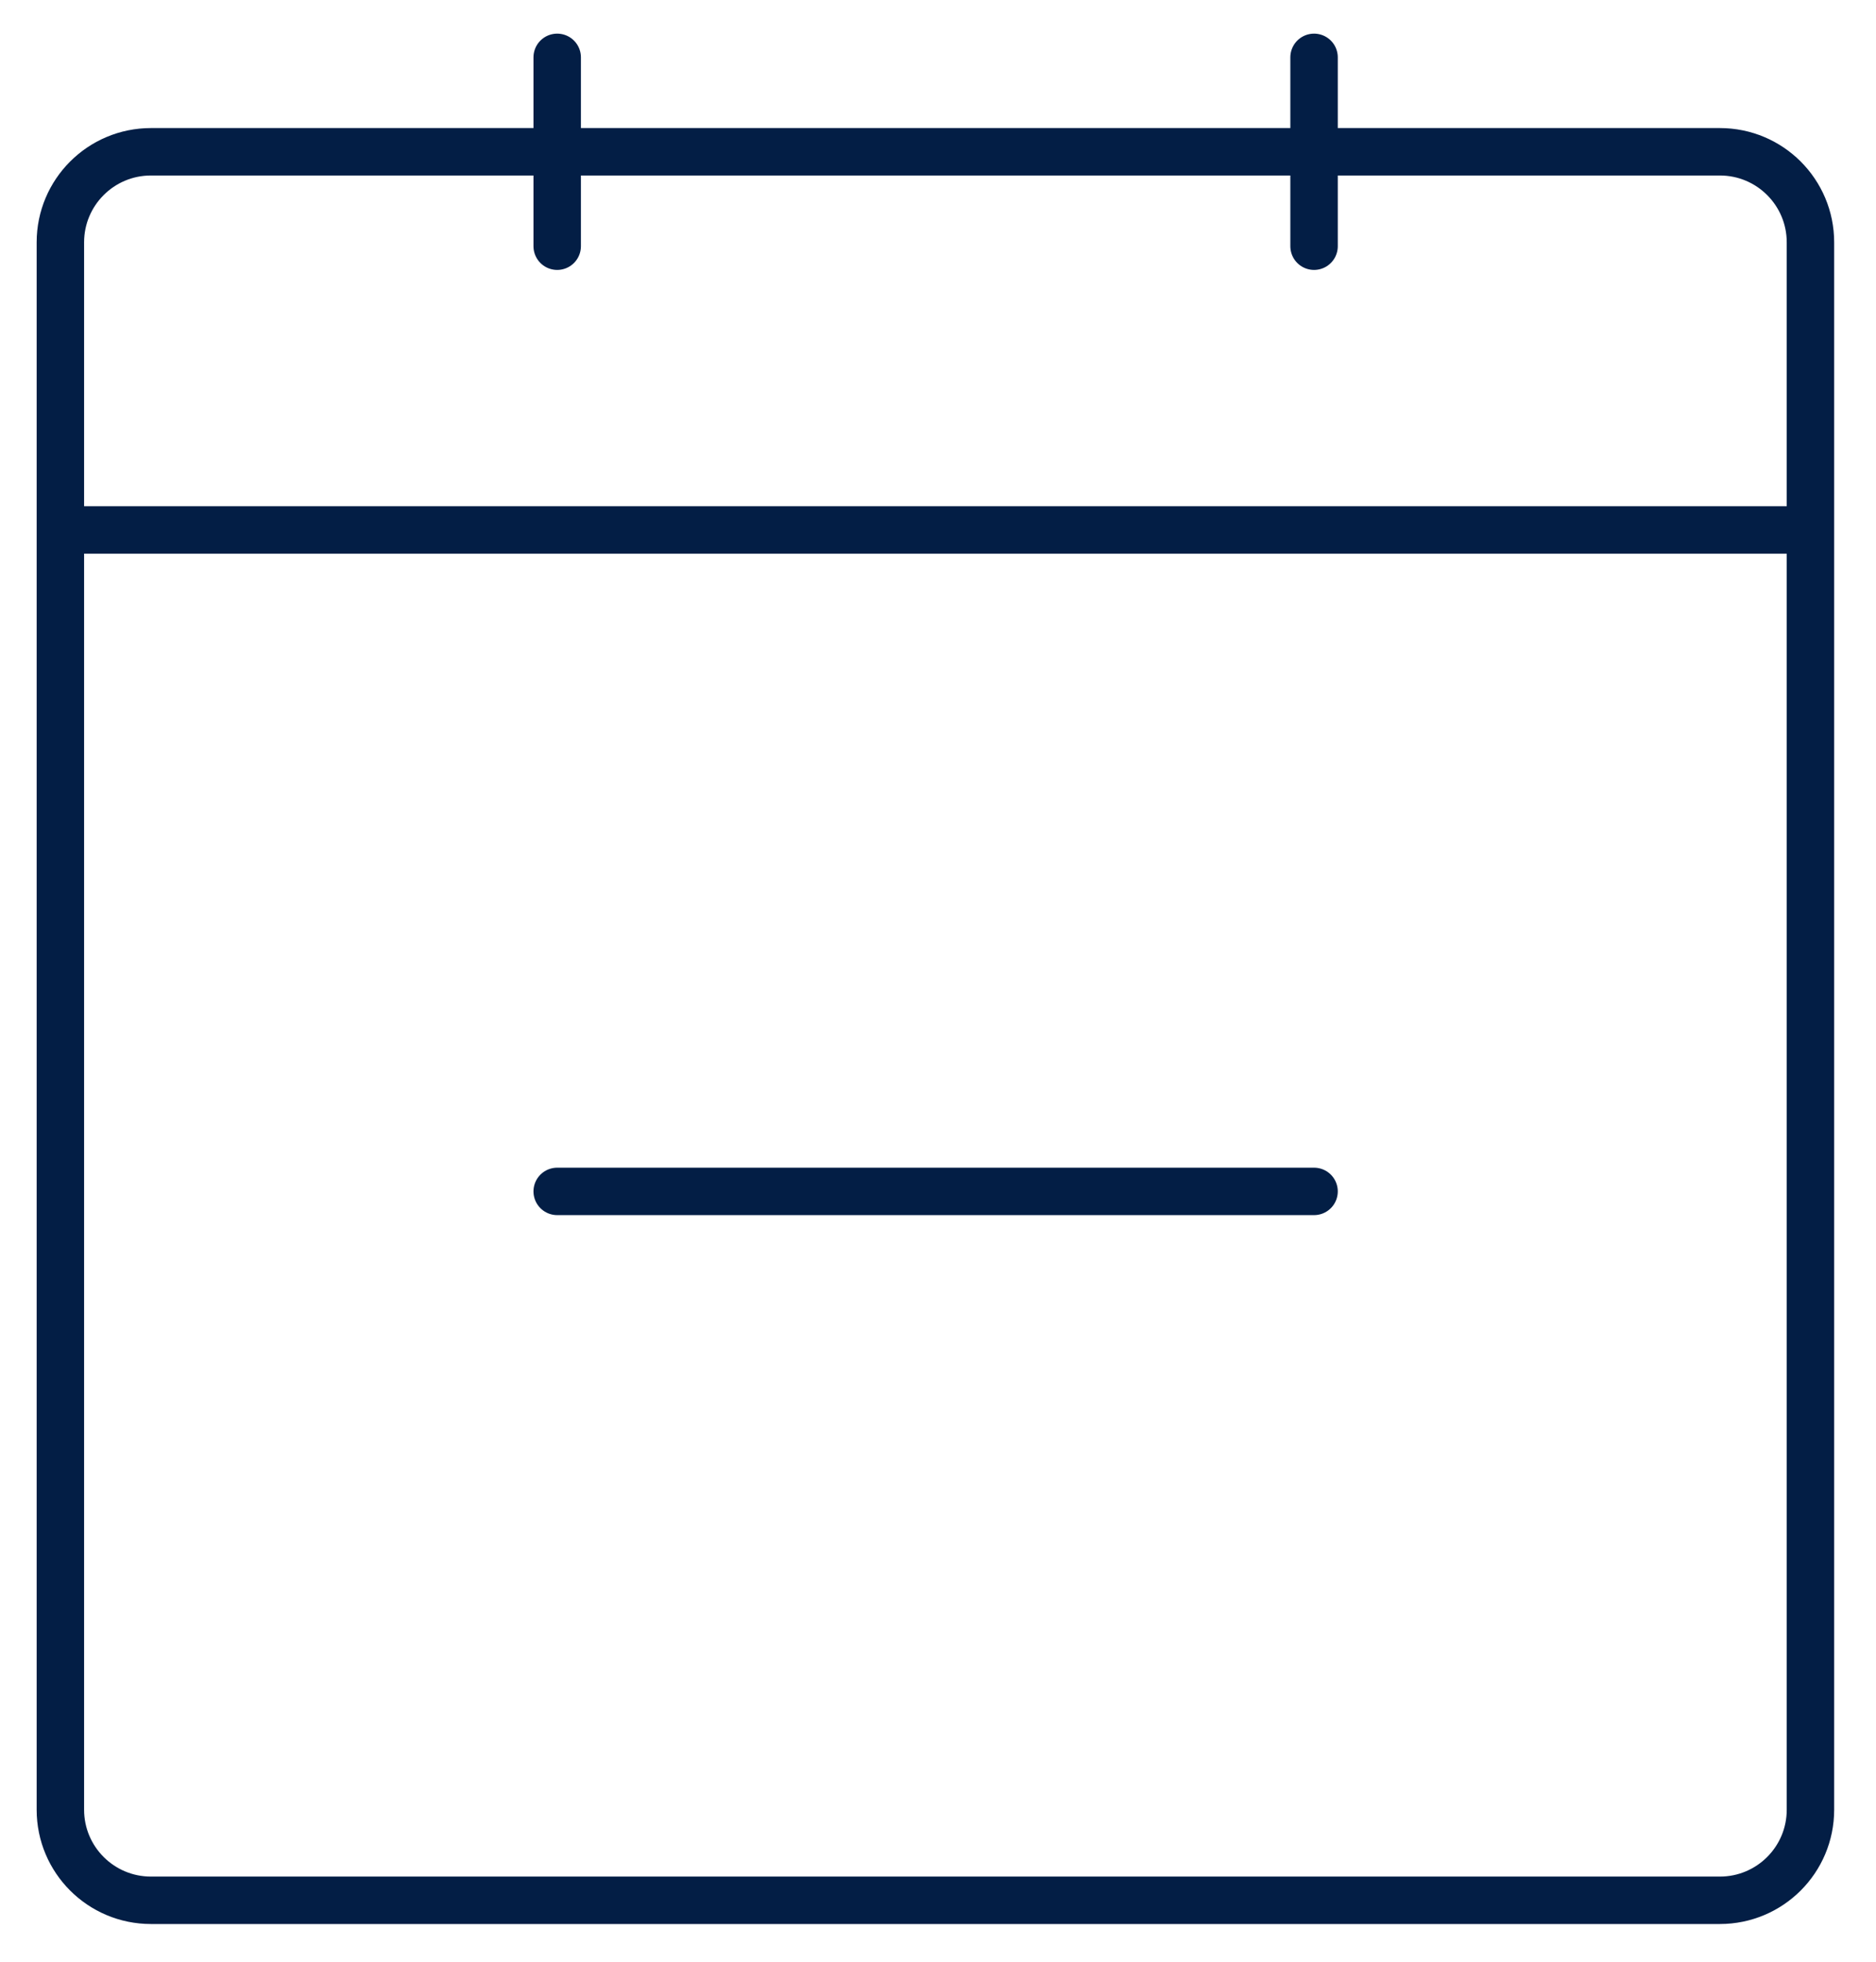 <svg version="1.2" xmlns="http://www.w3.org/2000/svg" viewBox="0 0 435 455" width="435" height="455">
	<title>CSC Downtime-svg</title>
	<style>
		.s0 { fill: none;stroke: #031e45;stroke-linecap: round;stroke-linejoin: round;stroke-width: 11 } 
		.s1 { fill: none;stroke: #031e45;stroke-miterlimit:10;stroke-width: 11 } 
		.s2 { fill: none;stroke: #031e45;stroke-linecap: round;stroke-miterlimit:10;stroke-width: 11 } 
	</style>
	<path id="Layer" fill-rule="evenodd" class="s0" d="m14 56.2c0-11.6 9.4-21 21-21h363.8c11.6 0 21 9.4 21 21v363.5c0 11.6-9.4 21-21 21h-363.8c-11.6 0-21-9.4-21-21z"/>
	<path id="Layer" fill-rule="evenodd" class="s1" d="m14 122.9h405.8"/>
	<path id="Layer" fill-rule="evenodd" class="s2" d="m129.2 13.3v43.8"/>
	<path id="Layer" fill-rule="evenodd" class="s2" d="m304.7 13.3v43.8"/>
	<path id="Layer" fill-rule="evenodd" class="s2" d="m129.2 276.3h175.5"/>
</svg>

____________________

Description of the task >> Every last line above must be reproduced as written, and no pictures belong in the copy.

Written reply >>
 <svg version="1.2" xmlns="http://www.w3.org/2000/svg" viewBox="0 0 435 455" width="435" height="455">
	<title>CSC Downtime-svg</title>
	<style>
		.s0 { fill: none;stroke: #031e45;stroke-linecap: round;stroke-linejoin: round;stroke-width: 11 } 
		.s1 { fill: none;stroke: #031e45;stroke-miterlimit:10;stroke-width: 11 } 
		.s2 { fill: none;stroke: #031e45;stroke-linecap: round;stroke-miterlimit:10;stroke-width: 11 } 
	</style>
	<path id="Layer" fill-rule="evenodd" class="s0" d="m14 56.2c0-11.6 9.4-21 21-21h363.8c11.6 0 21 9.4 21 21v363.5c0 11.6-9.4 21-21 21h-363.8c-11.6 0-21-9.4-21-21z"/>
	<path id="Layer" fill-rule="evenodd" class="s1" d="m14 122.9h405.8"/>
	<path id="Layer" fill-rule="evenodd" class="s2" d="m129.2 13.3v43.8"/>
	<path id="Layer" fill-rule="evenodd" class="s2" d="m304.7 13.3v43.8"/>
	<path id="Layer" fill-rule="evenodd" class="s2" d="m129.2 276.3h175.5"/>
</svg>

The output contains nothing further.